The videos below include details for making different types of composting bins:

Wire Mesh or Snow Fence Composting Bins are typically used when a more portable or less permanent option is needed. These can be moved around if needed and work great for those with smaller spaces or limited budgets:

Composting Bin from Wood Pallets is simple to make with a little effort. This system works great for those with a larger volume of manure and the space for a longer term setup:

Wood & Wire 3-Bin Turning Unit is designed to provide three separate areas for composting so you can have compost in varying stages of the process:

Composting Tumbler Unit is a more portable unit and works well for those with a smaller gardens or areas in need of fertilizer. It takes up very little space and is extremely suitable for urban and suburban areas:

Composting Using Piles works best for farms or homesteads with a large volume of manure. When composting using piles, make sure to keep piles securely covered and let piles compost for up to 6 months or longer:

On-Pasture Manure Management

  • Minimal maintenance
  • Provides for greater surface area for grazing when manure piles are eliminated.
  • Rotate animals using temporary fencing for grazing
  • Reduces likelihood of manure run off when it rains
  • Decreases sight, smell, flies, and parasites in the pasture which keeps horses cleaner and makes you a better neighbor.
  • Most effective if dragged during 85 degree weather (summer) with animals removed for at least one week or longer to ensure parasites are killed.

Stockpiling for Later Use

  • Must be stored in sealed and compacted area
  • Long term storage may require reinforced walls for containment
  • Requires “roof” covering and proper slope to prevent runoff and direct leaching
  • Typically spread on fields (as shown in the video below) in fall to allow manure to degrade:
  • Must include period where livestock are kept off pasture for parasites to die off

Storing for Removal

  • Used when manure volume is more than needed
  • Requires storage facility and hauling equipment
  • Can be packaged for sale or bartered to others
  • May need filter strips or buffer strips to manage runoff
  • One of the more costly options

There is no hard and fast rule for which manure management plan you must use. In fact, many smaller farms and homesteads customize their manure management plan by using a combination of the four options.

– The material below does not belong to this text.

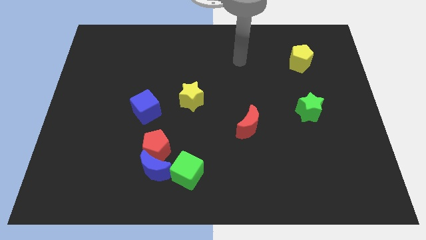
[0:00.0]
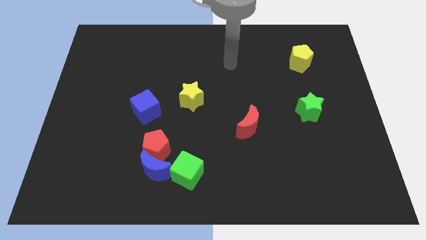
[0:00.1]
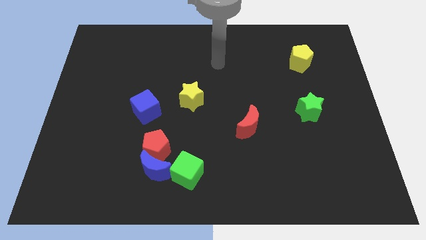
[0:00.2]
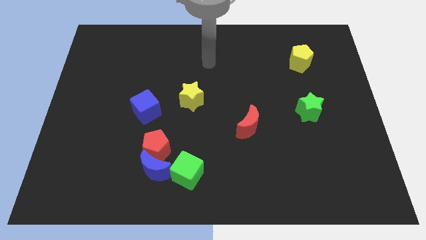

The important thing is to get a system that works for your needs and is safe for the environment. The video below contains more details about the pros and cons of each of these manure management options:

Is All Manure the Same?

For those who are new to raising livestock or for those with only a few animals, it may seem like all manure is the same. But in reality, all manure is not the same. Manure from different animals varies in content, based on not only the type of animal, but also on the diet of the animal and even the age.

Horse Manure

  • Most balanced nutrients for soil
  • Compost with high carbon materials minimum 6 weeks, turning weekly.
  • Use on flower, vegetable, root crops, blueberries (acid loving)
  • Contains spores and fungi
  • Great for vermiposting bins
  • May contain undigested hay or grain seeds

Cow Manure

  • Also most balanced nutrients for soil
  • More pungent, long lasting odor than horse manure
  • Acid-loving plants, vegetable and root crops, flower beds
  • Low nitrogen content, won’t “burn” plants
  • Can apply directly to garden but may get more weeds and grass than if composted

Chicken Manure

  • High nitrogen content
  • High ammonia content
  • Considered “hot” manure, should not be applied to garden or crops while fresh
  • Best used as an addition to other soil, not alone as plant medium
  • Vegetable and root crops
  • Good for corn crops and other heavy nitrogen feeders

Pig Manure

https://www.youtube.com/watch?v=tgH1dbUz8v4

  • Low nitrogen content
  • Cool manure
  • Not as safe as other manures-can contain parasites that may survive composting
  • Contains some of all 13 plant nutrients
  • Good for root crops

Sheep Manure

  • Easier to compost and spread due to pellet shape
  • “Hot” manure
  • 2nd to chicken manure for nitrogen content and potassium
  • Higher in potash than cow or horse manure

Llama/Alpaca Manure

  • Cool Manure
  • Rich in potassium and nitrogen
  • Plant based diet means slow nutrient release
  • Good for improving water retention in sandy soil
  • Increases drainage in clay soil
  • Good for worm beds
  • Easy to spread pellet shape

Goat Manure

  • Cool Manure
  • Some use directly on plants but 90 days composting is suggested
  • Size increases aeration of other other compost materials

Rabbit Manure

  • Cool Manure
  • No need for composting, breaks down quickly
  • Easier to spread, dries quickly
  • Fantastic for worm beds
  • Great booster for flower beds or any crops

Why Does Manure Need to Compost?

The minimum recommended composting time is 15 days at a consistent 131 degrees Fahrenheit, turning every few days. The reason manure needs to compost is to reduce the ammonia and nitrogen levels that can “burn” plants.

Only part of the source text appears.